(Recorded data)

• • • •

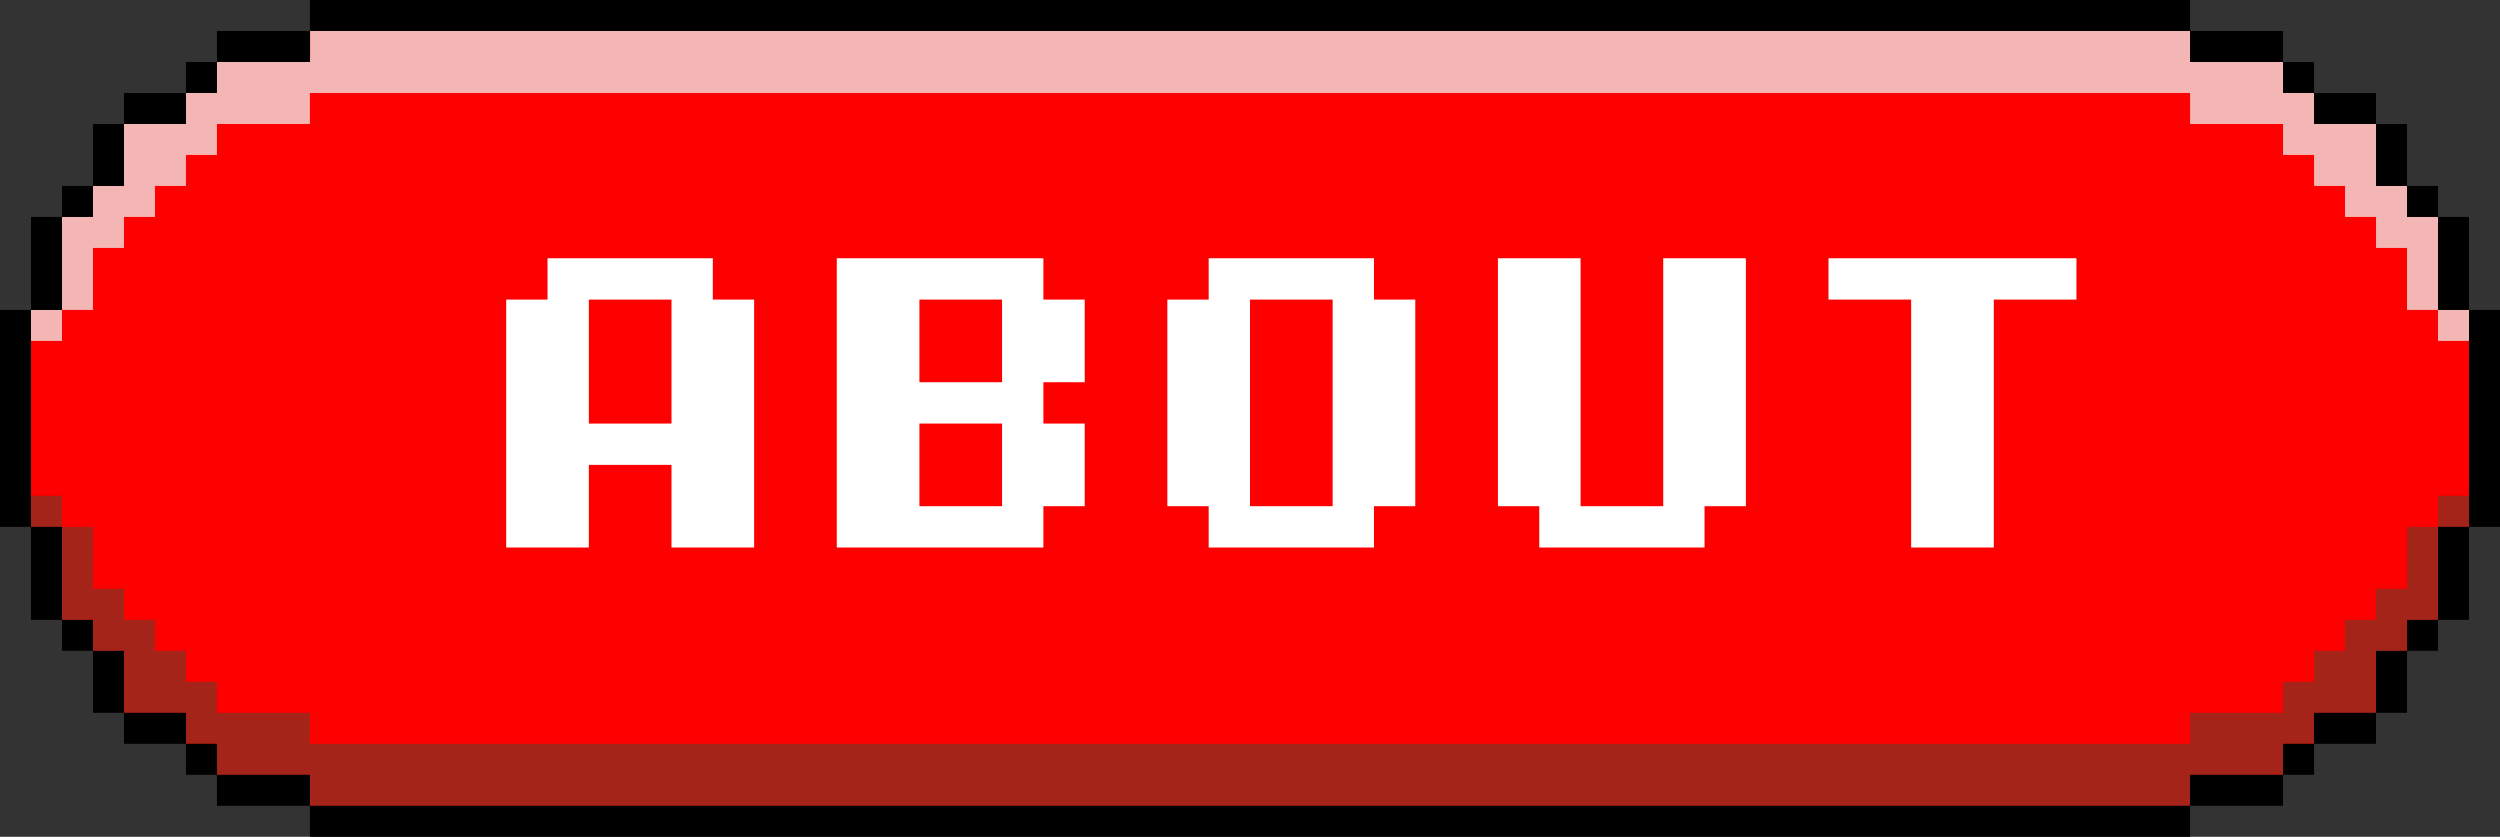 <svg width="242" height="81" viewBox="0 0 242 81" fill="none" xmlns="http://www.w3.org/2000/svg">
<rect x="0" y="0" width="242" height="81" fill="#333333" stroke="none"/>
<g clip-path="url(#clip0_1400_12769)">
<path d="M236 30V21H233V18H230V12H224V9H221V6H212V3H30V6H21V9H18V12H12V18H9V21H6V30H3V40.5V51H6V60H9V63H12V69H18V72H21V75H30V78H212V75H221V72H224V69H230V63H233V60H236V51H239V40.5V30H236Z" fill="#FF0000"/>
<path opacity="0.4" d="M6 48H3V51H6V48Z" fill="black"/>
<path opacity="0.4" d="M239 48H236V51H239V48Z" fill="black"/>
<path d="M3 30H6V33H3V30ZM233 21V18H230V12H224V9H221V6H212H212.02V3H30.02V6H30H21V9H18V12H12V18H9V21H6V30H9V24H12V21H15V18H18V15H21V12H30V9H212V12H221V15H224V18H227V21H230V24H233V30H236V21H233ZM236 30V33H239V30H236Z" fill="#F4B6B5"/>
<path d="M3 51H6V48H3V51ZM233 60V63H230V69H224V72H221V75H212H212.02V78H30.02V75H30H21V72H18V69H12V63H9V60H6V51H9V57H12V60H15V63H18V66H21V69H30V72H212V69H221V66H224V63H227V60H230V57H233V51H236V60H233ZM236 51V48H239V51H236Z" fill="#A42419"/>
<path d="M221 3V6H212V3H221ZM221 6V9H224V6H221ZM227 9H224V12H230V9H227ZM233 12H230V18H233V12ZM233 18V21H236V18H233ZM239 24V21H236V30H239V24ZM239 30V51H242V30H239ZM236 54V60H239V51H236V54ZM233 63H236V60H233V63ZM230 66V69H233V63H230V66ZM224 69V72H230V69H224ZM221 75H224V72H221V75ZM215 75H212V78H221V75H215ZM206 78H30V81H212V78H206ZM36 3H39H206H212V0H39H36H33H30V3H36ZM27 6H30V3H21V6H27ZM21 6H18V9H21V6ZM18 12V9H12V12H18ZM12 15V12H9V18H12V15ZM9 18H6V21H9V18ZM6 27V21H3V30H6V27ZM3 45V30H0V51H3V45ZM6 54V51H3V60H6V54ZM6 60V63H9V60H6ZM12 63H9V69H12V63ZM15 69H12V72H18V69H15ZM18 72V75H21V72H18ZM27 75H21V78H30V75H27Z" fill="black"/>
<path d="M53 25H69V29H73V53H65V45H57V53H49V29H53V25ZM65 29H57V41H65V29ZM81 25H101V29H105V37H101V41H105V49H101V53H81V25ZM97 29H89V37H97V29ZM97 41H89V49H97V41ZM117 25H133V29H137V49H133V53H117V49H113V29H117V25ZM129 29H121V49H129V29ZM145 25H153V49H161V25H169V49H165V53H149V49H145V25ZM177 25H201V29H193V53H185V29H177V25Z" fill="white"/>
</g>
<defs>
<clipPath id="clip0_1400_12769">
<rect width="242" height="81" fill="white"/>
</clipPath>
</defs>
</svg>

• • • •

__Problem to work on__. Drop the images and return the data verbatim.

__Finished exercise__.
 <svg width="242" height="81" viewBox="0 0 242 81" fill="none" xmlns="http://www.w3.org/2000/svg">
<rect x="0" y="0" width="242" height="81" fill="#333333" stroke="none"/>
<g clip-path="url(#clip0_1400_12769)">
<path d="M236 30V21H233V18H230V12H224V9H221V6H212V3H30V6H21V9H18V12H12V18H9V21H6V30H3V40.5V51H6V60H9V63H12V69H18V72H21V75H30V78H212V75H221V72H224V69H230V63H233V60H236V51H239V40.5V30H236Z" fill="#FF0000"/>
<path opacity="0.4" d="M6 48H3V51H6V48Z" fill="black"/>
<path opacity="0.4" d="M239 48H236V51H239V48Z" fill="black"/>
<path d="M3 30H6V33H3V30ZM233 21V18H230V12H224V9H221V6H212H212.02V3H30.02V6H30H21V9H18V12H12V18H9V21H6V30H9V24H12V21H15V18H18V15H21V12H30V9H212V12H221V15H224V18H227V21H230V24H233V30H236V21H233ZM236 30V33H239V30H236Z" fill="#F4B6B5"/>
<path d="M3 51H6V48H3V51ZM233 60V63H230V69H224V72H221V75H212H212.02V78H30.02V75H30H21V72H18V69H12V63H9V60H6V51H9V57H12V60H15V63H18V66H21V69H30V72H212V69H221V66H224V63H227V60H230V57H233V51H236V60H233ZM236 51V48H239V51H236Z" fill="#A42419"/>
<path d="M221 3V6H212V3H221ZM221 6V9H224V6H221ZM227 9H224V12H230V9H227ZM233 12H230V18H233V12ZM233 18V21H236V18H233ZM239 24V21H236V30H239V24ZM239 30V51H242V30H239ZM236 54V60H239V51H236V54ZM233 63H236V60H233V63ZM230 66V69H233V63H230V66ZM224 69V72H230V69H224ZM221 75H224V72H221V75ZM215 75H212V78H221V75H215ZM206 78H30V81H212V78H206ZM36 3H39H206H212V0H39H36H33H30V3H36ZM27 6H30V3H21V6H27ZM21 6H18V9H21V6ZM18 12V9H12V12H18ZM12 15V12H9V18H12V15ZM9 18H6V21H9V18ZM6 27V21H3V30H6V27ZM3 45V30H0V51H3V45ZM6 54V51H3V60H6V54ZM6 60V63H9V60H6ZM12 63H9V69H12V63ZM15 69H12V72H18V69H15ZM18 72V75H21V72H18ZM27 75H21V78H30V75H27Z" fill="black"/>
<path d="M53 25H69V29H73V53H65V45H57V53H49V29H53V25ZM65 29H57V41H65V29ZM81 25H101V29H105V37H101V41H105V49H101V53H81V25ZM97 29H89V37H97V29ZM97 41H89V49H97V41ZM117 25H133V29H137V49H133V53H117V49H113V29H117V25ZM129 29H121V49H129V29ZM145 25H153V49H161V25H169V49H165V53H149V49H145V25ZM177 25H201V29H193V53H185V29H177V25Z" fill="white"/>
</g>
<defs>
<clipPath id="clip0_1400_12769">
<rect width="242" height="81" fill="white"/>
</clipPath>
</defs>
</svg>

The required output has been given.